# Organization of blanks?



## WoodLM (Apr 2, 2016)

how does everyone organize their pen blanks? i have a lot of wood and resin blanks, but i just never feel like i have them in any sort of order... what works for y'all?


----------



## D.Oliver (Apr 3, 2016)

I like to put them in random places with not logic behind their placement.  I leave them there until I forget about them, and then weeks, months or years later, I'll find them and am pleasantly surprised.  Others may have better methods!


----------



## jttheclockman (Apr 3, 2016)

Some ideas here: from past posts on this same question. I am sure there are more Happy reading


www.penturners.org/forum/f30/storage-pen-blanks-102053/


www.penturners.org/forum/f30/pen-blank-storage-100540/


www.penturners.org/forum/f30/storage-wall-73590/


www.penturners.org/forum/f30/blank-storage-58292/


www.penturners.org/forum/f30/needing-wood-blank-storage-ideas-40739/


www.penturners.org/forum/f30/blank-storage-19251/


----------



## CREID (Apr 3, 2016)

I have a table with blanks, pen kits, glue, sandpaper, drill bits and various other stuff all over it.


----------



## jttheclockman (Apr 3, 2016)

I started storing them in these. I bought a couple when on sale at HF. Work great. 

http://www.harborfreight.com/media/...b33525d08d6e5fb8d27136e95/i/m/image_20242.jpg


----------



## Edgar (Apr 3, 2016)

I have several of these 6-drawer storage units on casters that I got at Office Depot.
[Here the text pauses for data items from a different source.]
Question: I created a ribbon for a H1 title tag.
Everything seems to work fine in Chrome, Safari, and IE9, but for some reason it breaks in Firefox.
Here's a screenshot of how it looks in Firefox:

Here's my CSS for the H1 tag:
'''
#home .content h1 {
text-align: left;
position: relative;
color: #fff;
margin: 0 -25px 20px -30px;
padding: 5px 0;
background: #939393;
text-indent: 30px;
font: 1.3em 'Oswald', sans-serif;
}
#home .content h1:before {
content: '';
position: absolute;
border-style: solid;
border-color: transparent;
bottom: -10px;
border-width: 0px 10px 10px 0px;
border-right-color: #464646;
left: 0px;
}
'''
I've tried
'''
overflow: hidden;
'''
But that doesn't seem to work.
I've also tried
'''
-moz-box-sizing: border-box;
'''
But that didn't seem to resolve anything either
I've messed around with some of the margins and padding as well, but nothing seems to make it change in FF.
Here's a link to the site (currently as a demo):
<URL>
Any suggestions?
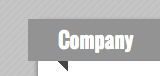
Answer: It looks like text-indent is pushing your ribbon 'shadow' 30 pixels to the right.
I managed to get it working in firefox by removing text-indent and giving h1 left padding of 30px
final css looks like this:
'''
#home .content h1 {
text-align: left;
position: relative;
color: #fff;
margin: 0 -25px 20px -30px;
/* add left padding of 30 pixels */
padding: 5px 0 5px 30px;
background: #939393;
/* no need for this text-indent: 30px; */
font: 1.3em 'Oswald', sans-serif;
}
#home .content h1:before {
content: '';
position: absolute;
border-style: solid;
border-color: transparent;
bottom: -10px;
border-width: 0px 10px 10px 0px;
border-right-color: #464646;
left: 0px;
}
'''

Each drawer holds about 60 blanks.

I also use a lot of Medium & a few Large USPS Flat Rate shipping boxes for pen blanks. Spindles & bowl blanks are generally just stacked on shelves around my shop & tractor shed.


----------



## ChiTown56 (Apr 3, 2016)

*Blank Storage*

Hi,

I do two things;

1st, I created a spreadsheet and logged them in as I bought them, then put them in ZIP LOC baggies and labbeled them with the name of the blank, price paid, and what I want to sell them for!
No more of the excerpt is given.